La cara oscura
de la Luna
Rafael Borrás Aviño
Un misterio.
O una pesadilla. O las dos cosas juntas. Pero, por encima de todo,
una imagen que la primera vez descendió de la cabeza al corazón con
la delicadeza de una piedra; y después creyó que iba a desmayarse.
Ahora, transcurridos más de tres meses, continuaba aturdiéndose ante
esa visión tan previsible como cruel. Y seguía sin poder imaginar,
por más que se esforzaba, de quien podría tratarse.
Sucedía cada sábado, sin fallar nunca desde que
él murió, cuando dejaba todo para acercarse hasta el camposanto con
un ramo de claveles blancos.

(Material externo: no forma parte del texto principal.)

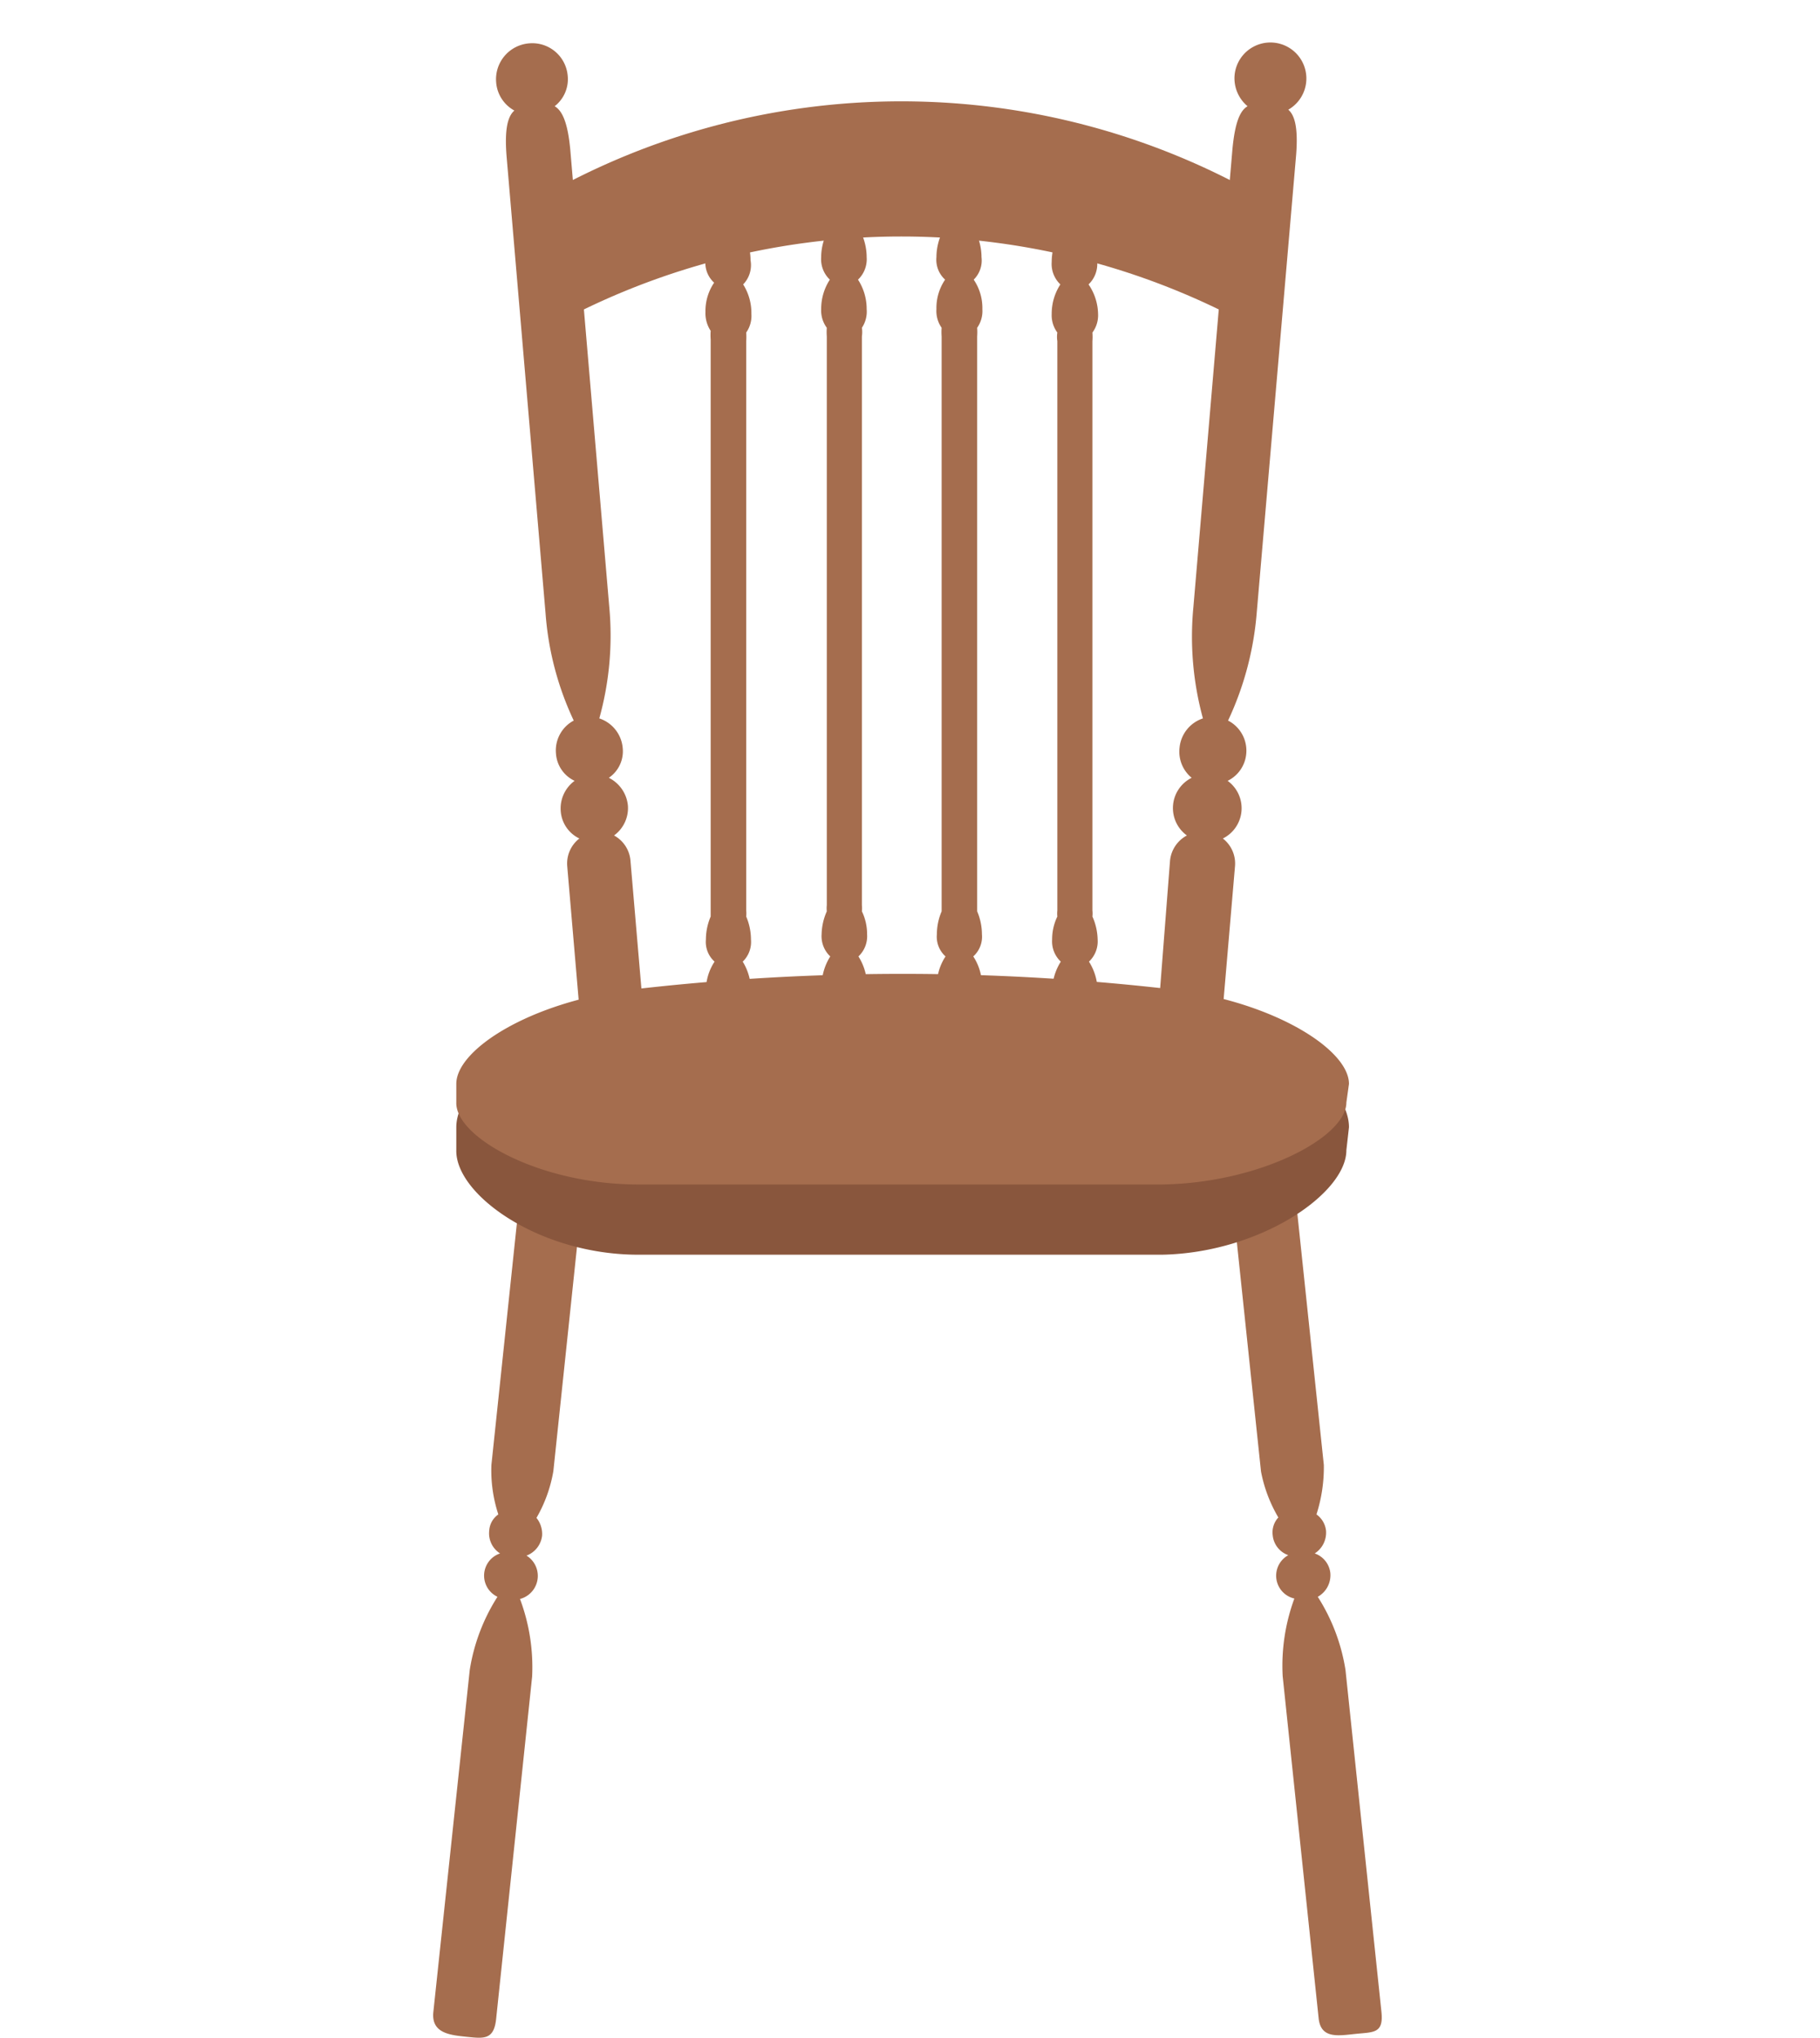 <svg xmlns="http://www.w3.org/2000/svg" viewBox="0 0 42 47"><defs><style>.cls-1{fill:#a56d4e;}.cls-2{fill:#89563d;}.cls-3{fill:none;}</style></defs><g id="レイヤー_2" data-name="レイヤー 2"><g id="レイヤー_1-2" data-name="レイヤー 1"><path class="cls-1" d="M12.82,26.69a.73.73,0,0,0-.8.65l-.68,6.45a3.25,3.25,0,0,0,.16,1.14.49.49,0,0,0-.21.37.55.55,0,0,0,.25.53.54.54,0,0,0-.06,1,4.41,4.41,0,0,0-.64,1.69L10,46.41c-.05.49.39.53.78.57s.62.07.67-.42l.83-7.89A4.49,4.49,0,0,0,12,36.88a.55.55,0,0,0,.15-1,.56.56,0,0,0,.36-.46.59.59,0,0,0-.13-.41,3.24,3.24,0,0,0,.39-1.08l.68-6.45A.72.72,0,0,0,12.82,26.69Z"/><path class="cls-1" d="M31.88,46.41l-.83-7.89a4.41,4.41,0,0,0-.64-1.69.57.57,0,0,0,.29-.55.54.54,0,0,0-.36-.45.57.57,0,0,0,.26-.53.53.53,0,0,0-.22-.37,3.56,3.56,0,0,0,.17-1.14l-.68-6.45a.73.73,0,0,0-1.45.15l.68,6.45A3.3,3.3,0,0,0,29.5,35a.51.51,0,0,0-.13.41.54.54,0,0,0,.36.46.54.54,0,0,0,.14,1,4.49,4.49,0,0,0-.27,1.79l.83,7.89c.05.49.47.4.87.36S31.93,46.9,31.88,46.41Z"/><path class="cls-2" d="M31.07,26.53c0,1-2,2.37-4.26,2.41H14.73c-2.28,0-4.22-1.38-4.2-2.41V26c0-1,1.71-2.38,4-2.76a42.91,42.91,0,0,1,12.6,0c2.26.38,4,1.74,4,2.76Z"/><path class="cls-1" d="M14.37,17.25a.79.79,0,0,0-.54-.68A7.12,7.12,0,0,0,14.06,14l-.9-10.55c-.06-.64-.19-.9-.36-1a.79.79,0,0,0,.3-.71A.82.82,0,0,0,12.21,1a.83.83,0,0,0-.76.9.81.81,0,0,0,.42.65c-.15.13-.23.42-.18,1.05l.9,10.55a7,7,0,0,0,.65,2.47.78.78,0,0,0-.41.76.75.75,0,0,0,.43.63.79.79,0,0,0-.32.7.76.76,0,0,0,.43.63.73.73,0,0,0-.28.64l.32,3.74a.73.73,0,0,0,1.46-.12l-.32-3.74a.73.73,0,0,0-.38-.59.78.78,0,0,0,.32-.69.8.8,0,0,0-.44-.64A.74.74,0,0,0,14.37,17.25Z"/><path class="cls-1" d="M27.22,17.25a.79.79,0,0,1,.54-.68A7.14,7.14,0,0,1,27.54,14l.9-10.55c.06-.64.18-.9.35-1a.84.84,0,0,1-.3-.71.83.83,0,1,1,1.24.79c.15.13.23.42.18,1.05L29,14.15a7.2,7.2,0,0,1-.66,2.47.78.78,0,0,1,.42.76.77.77,0,0,1-.43.63.78.78,0,0,1-.11,1.33.73.73,0,0,1,.28.64l-.32,3.74a.74.74,0,0,1-1.47-.12L27,19.86a.74.74,0,0,1,.39-.59.78.78,0,0,1,.11-1.33A.78.78,0,0,1,27.22,17.25Z"/><path class="cls-1" d="M29.17,7.69a16.79,16.79,0,0,0-16.74,0V4.58a16.74,16.74,0,0,1,16.74,0Z"/><path class="cls-1" d="M17.32,6c0-.41-.22-.89-.52-.89s-.52.48-.52.89a.62.62,0,0,0,.2.52,1.16,1.16,0,0,0-.2.68.73.73,0,0,0,.12.43,1.36,1.36,0,0,0,0,.2V21c0,.05,0,.09,0,.14a1.36,1.36,0,0,0-.11.53.61.61,0,0,0,.2.51,1.21,1.21,0,0,0-.2.68c0,.42.22.62.52.62s.53-.2.52-.62a1.29,1.29,0,0,0-.19-.68.63.63,0,0,0,.19-.51,1.36,1.36,0,0,0-.11-.53.66.66,0,0,0,0-.14V7.87a1.36,1.36,0,0,0,0-.2.67.67,0,0,0,.12-.43,1.24,1.24,0,0,0-.19-.68A.64.64,0,0,0,17.32,6Z"/><path class="cls-1" d="M25.12,6.56a.65.65,0,0,0,.2-.52c0-.41-.22-.89-.53-.89s-.52.48-.52.89a.65.65,0,0,0,.2.52,1.24,1.24,0,0,0-.2.68.67.67,0,0,0,.13.43.68.68,0,0,0,0,.2V21a.66.66,0,0,0,0,.14,1.21,1.21,0,0,0-.12.53.64.64,0,0,0,.2.51,1.29,1.29,0,0,0-.2.68c0,.42.22.62.52.62s.53-.2.53-.62a1.29,1.29,0,0,0-.2-.68.64.64,0,0,0,.2-.51,1.37,1.37,0,0,0-.12-.53.66.66,0,0,0,0-.14V7.87a1.36,1.36,0,0,0,0-.2.67.67,0,0,0,.13-.43A1.24,1.24,0,0,0,25.12,6.56Z"/><path class="cls-1" d="M22.65,5.93c0-.41-.22-.89-.52-.89s-.52.48-.52.89a.62.62,0,0,0,.2.52,1.16,1.16,0,0,0-.2.68.67.67,0,0,0,.12.43,1.36,1.36,0,0,0,0,.2V20.88c0,.05,0,.09,0,.14a1.36,1.36,0,0,0-.11.53.61.61,0,0,0,.2.51,1.21,1.21,0,0,0-.2.68c0,.42.22.62.52.62s.52-.2.52-.62a1.21,1.21,0,0,0-.2-.68.61.61,0,0,0,.2-.51,1.36,1.36,0,0,0-.11-.53c0-.05,0-.09,0-.14V7.76a1.36,1.36,0,0,0,0-.2.67.67,0,0,0,.12-.43,1.16,1.16,0,0,0-.2-.68A.62.62,0,0,0,22.65,5.93Z"/><path class="cls-1" d="M20,5.93c0-.41-.22-.89-.52-.89s-.53.48-.53.89a.65.65,0,0,0,.2.52,1.24,1.24,0,0,0-.2.68.67.67,0,0,0,.13.43,1.36,1.36,0,0,0,0,.2V20.88a.66.66,0,0,0,0,.14,1.37,1.37,0,0,0-.12.53.64.64,0,0,0,.2.51,1.29,1.29,0,0,0-.2.68c0,.42.22.62.53.62s.52-.2.52-.62a1.29,1.29,0,0,0-.2-.68.64.64,0,0,0,.2-.51,1.21,1.21,0,0,0-.12-.53.66.66,0,0,0,0-.14V7.76a.68.68,0,0,0,0-.2A.67.67,0,0,0,20,7.13a1.24,1.24,0,0,0-.2-.68A.65.65,0,0,0,20,5.93Z"/><path class="cls-1" d="M31.07,25.43c0,.8-2,1.86-4.26,1.89H14.73c-2.28,0-4.22-1.09-4.2-1.89V25c0-.8,1.71-1.88,4-2.17a54.18,54.18,0,0,1,12.6,0c2.26.29,4,1.37,4,2.17Z"/><rect class="cls-3" width="42" height="47"/></g></g></svg>

Y, cada sábado, desde la primera semana
tras el entierro, distinguía ya desde lejos al enfilar el pasillo
que conducía al sepulcro, un puñado de flores silvestres sobre la
losa que lo cubría. Flores que eran distintas de cada visita a la
siguiente y que siempre aparecían no del todo marchitas todavía. Consideraba
ese ramo como la materialización de un testimonio de amor que se le
antojaba bastardo, inaceptable, incongruente y hasta un punto canallesco,
si se atrevía incluso a perpetuarse insolentemente después de la muerte.
Casi como una ofensa a su pasado reciente, una declaración de cariño
que clamaba desafiante sobre la fosa que albergaba los restos del
hombre que acababa de abandonarle para siempre, al que había idolatrado
y con el que había compartido veinte años irrepetibles de su vida.
Ya de muy jóvenes habían sido inseparables. Eran
del mismo barrio y muy pronto nació en ambos un sentimiento compartido
e imparable. Realmente fue lo único que les unía. Todo lo demás les
separaba ya que, para empezar, pertenecían a muy diferentes estratos
sociales. Los padres de Roberto no pasaban de ser asalariados del
montón y, en cambio, los suyos disfrutaban de una holgadísima posición
económica construida sobre un entramado de prósperas empresas hoteleras.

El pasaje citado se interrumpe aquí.